The North American version uses the former location of the Long Beach Grand Prix, the Mid-Ohio Sports Car Course, Oyster Bay (as the name of the fictional track), and the Indianapolis Motor Speedway as American-specific substitutes for the tracks considered "local" to Japanese audiences. However, the graphics used for the backgrounds are identical to each other in both versions of the game. Additionally, the team names were altered so that Scuderia Ferrari is explicitly named such to match the title of the localized game, and the courses reflected the season instead of the season the Japanese version had.

===NES and Game Boy versions===
The title Ferrari Grand Prix Challenge was also ported for the Game Boy and Nintendo Entertainment System. It was developed by System 3 and published by Acclaim in North America and Europe. Coconuts Japan published the game in Japan under the title Ferrari (フェラーリ).

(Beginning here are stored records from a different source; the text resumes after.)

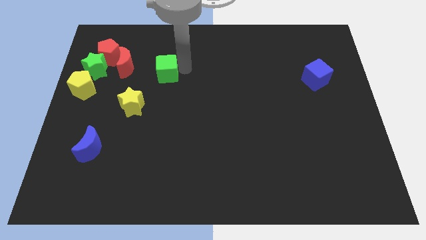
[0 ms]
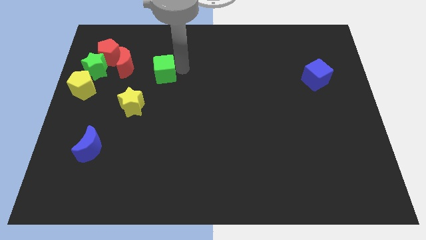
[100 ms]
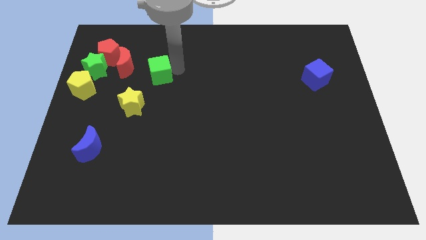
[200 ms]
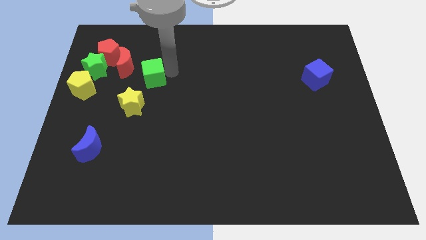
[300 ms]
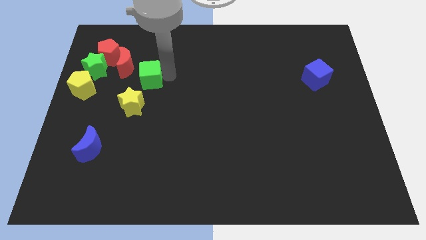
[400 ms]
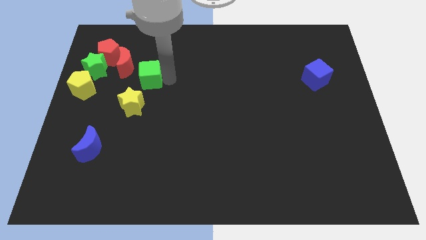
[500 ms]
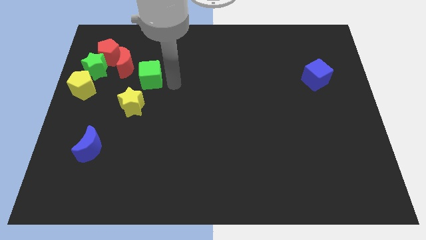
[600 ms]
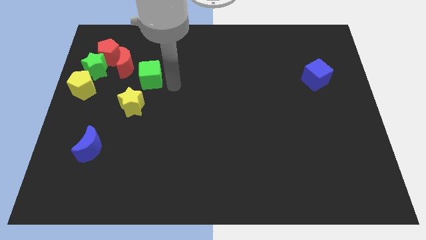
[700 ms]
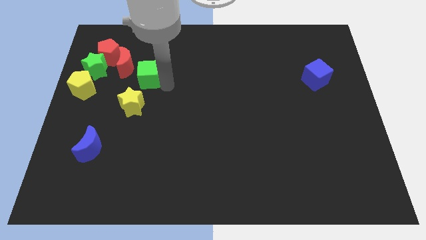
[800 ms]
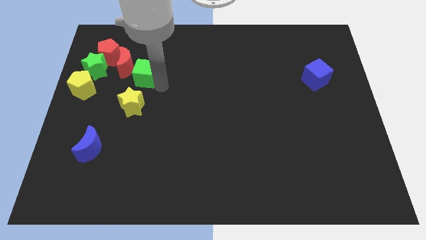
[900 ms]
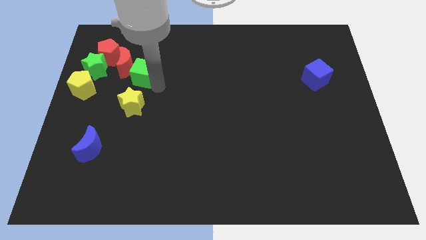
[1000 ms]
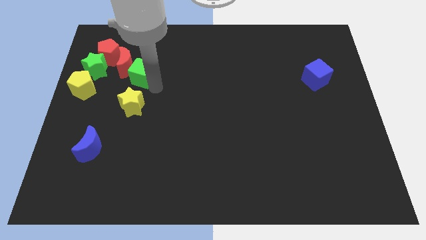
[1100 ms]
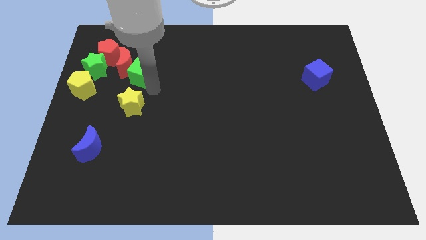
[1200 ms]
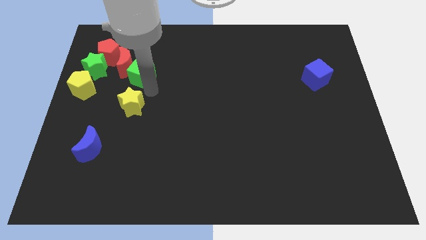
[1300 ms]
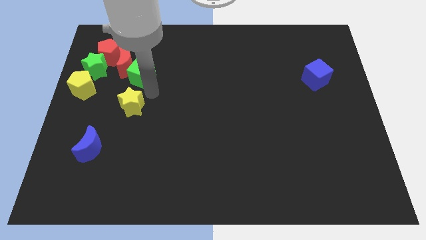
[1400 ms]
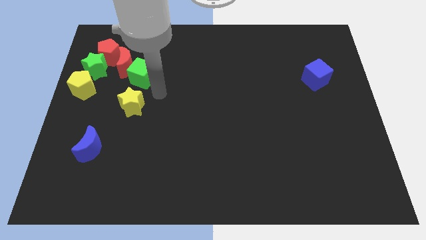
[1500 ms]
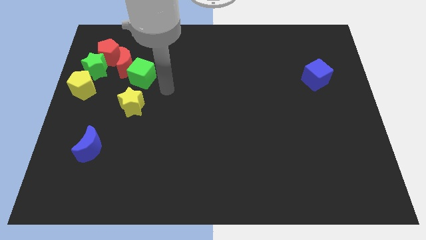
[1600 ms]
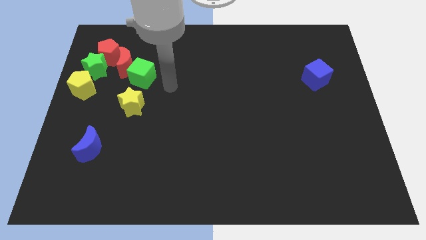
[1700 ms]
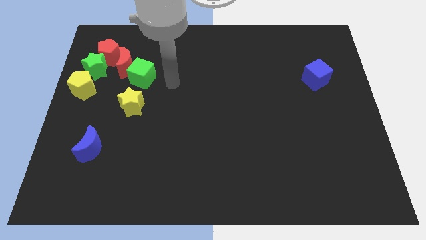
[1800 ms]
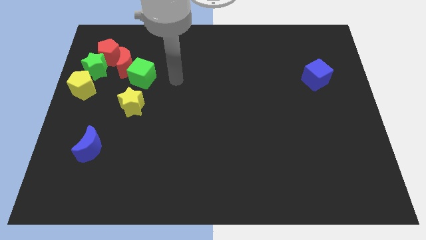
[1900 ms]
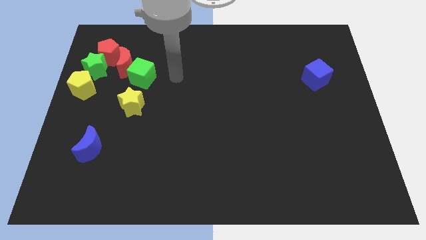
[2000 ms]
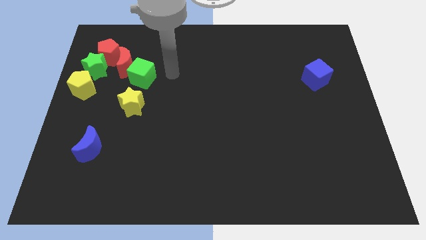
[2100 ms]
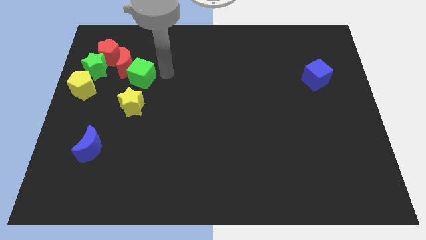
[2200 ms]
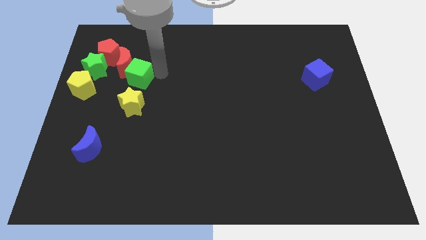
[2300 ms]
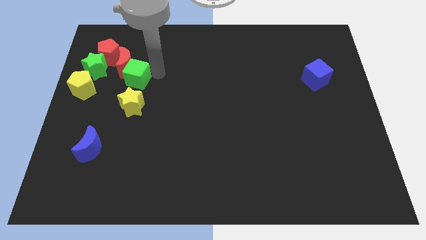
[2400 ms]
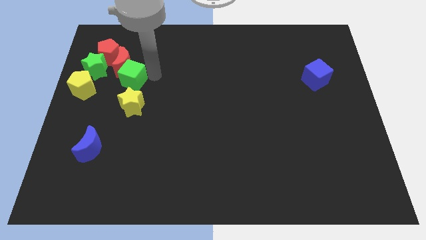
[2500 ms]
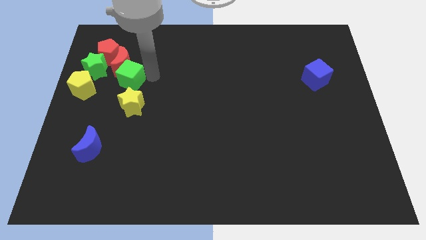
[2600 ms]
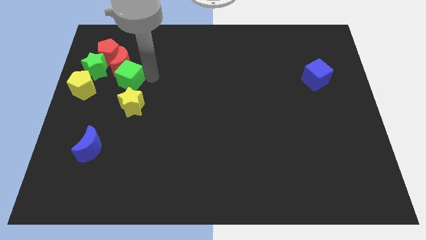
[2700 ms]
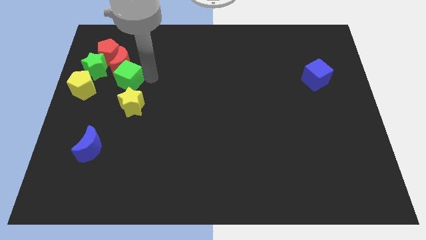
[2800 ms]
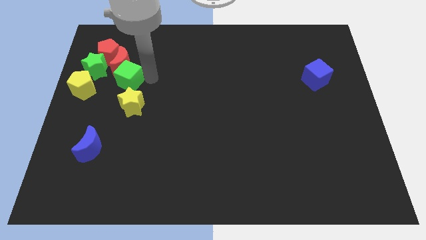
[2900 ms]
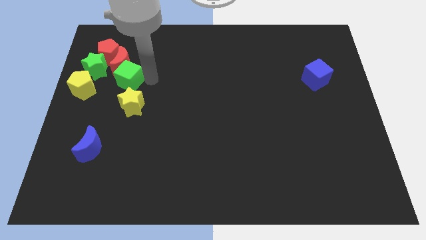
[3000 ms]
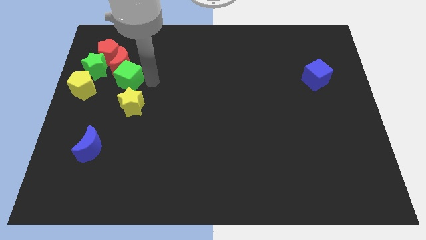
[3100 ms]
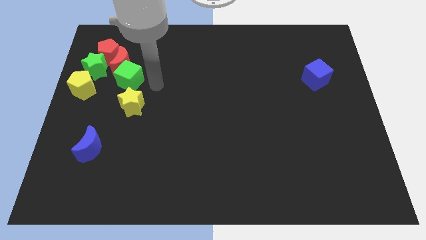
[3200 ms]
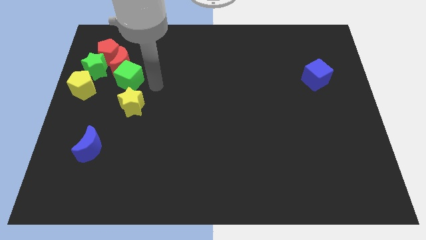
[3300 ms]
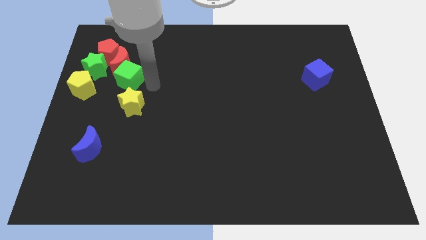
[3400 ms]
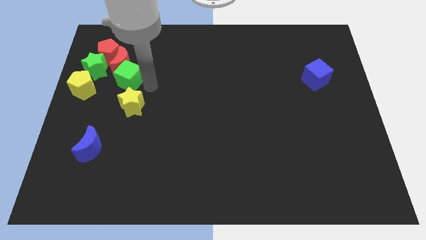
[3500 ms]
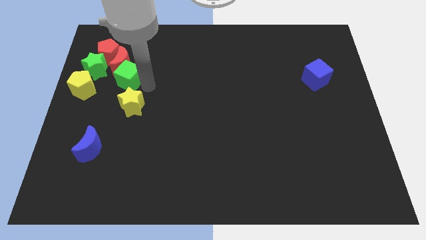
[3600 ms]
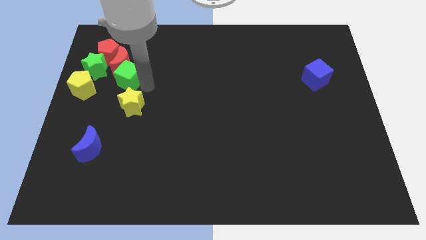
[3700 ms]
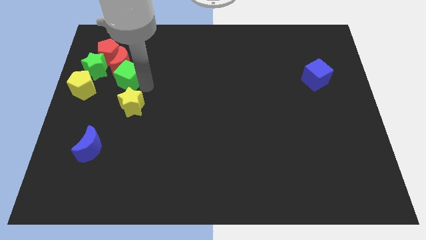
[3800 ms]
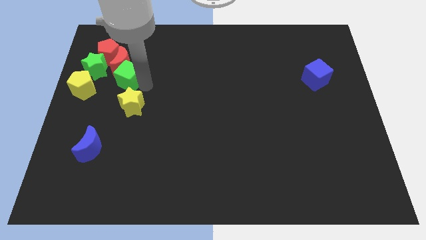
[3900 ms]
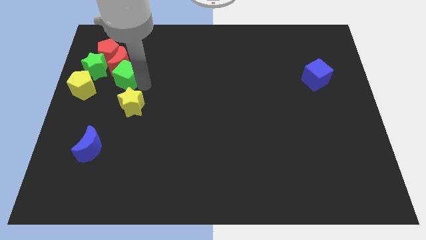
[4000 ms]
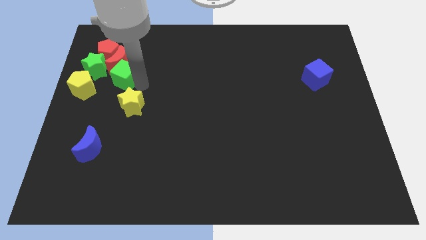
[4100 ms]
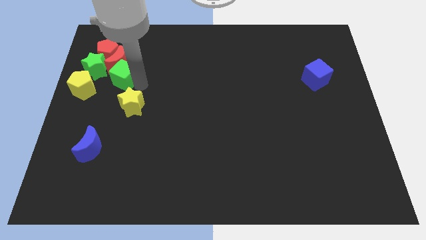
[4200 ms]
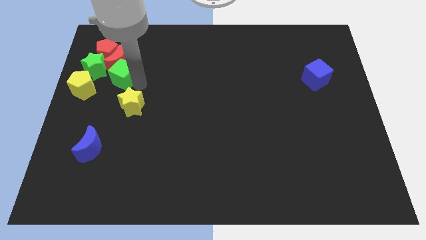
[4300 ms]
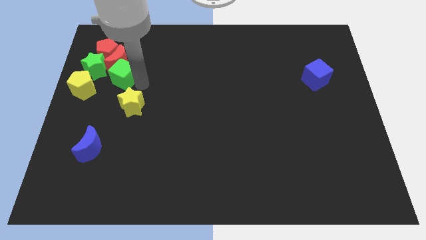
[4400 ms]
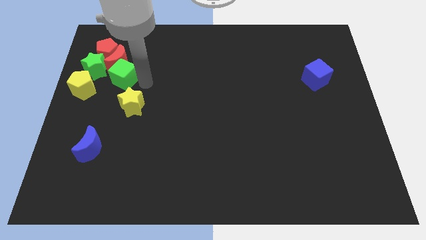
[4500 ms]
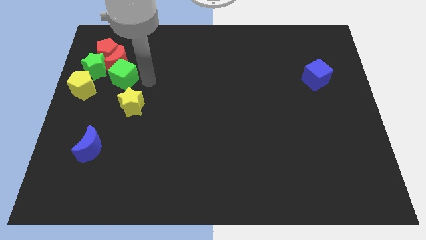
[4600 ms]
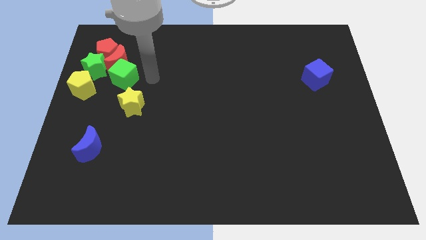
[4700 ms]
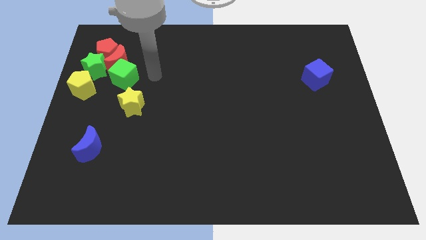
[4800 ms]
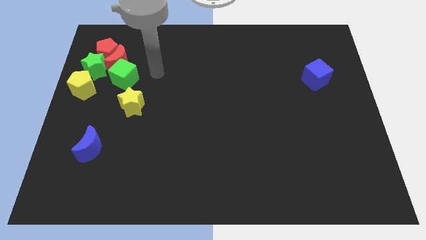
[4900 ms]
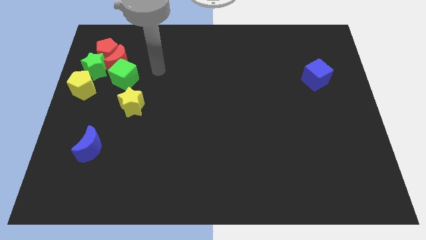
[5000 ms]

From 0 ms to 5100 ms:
push the green cube towards the down side of the red crescent

The Nintendo Entertainment System version of the game is a simplified version that allows players to practice up to six laps or qualify for every Formula One race of the season using metric units (kilometres per hour instead of miles per hour). It was one of the few 8-bit Formula One video games to adequately represent the Circuit Gilles Villeneuve as having an urban background along with several other urban race tracks represented in the 1990 Formula One season with the exception that Circuit de Catalunya is presented in this version as the round in Spain, although Jerez hosted the 1990 Spanish Grand Prix. Tire wear is possible resulting in trips to the pit crew for maintenance and repairs. A radio allows communication with the crew chief; he will advise whether repairs are necessary. The top speed of the vehicle is 335 kilometres per hour and turbo is not used in the game.

Before the first qualifying session can take place, the player must insert his name and his nationality. The name can be up to 10 characters long and the country has to fit into a three-character field. Since the game doesn't verify if the three-letter code matches up to a real nationality, it doesn't matter if the player makes up a nationality for a fictional country.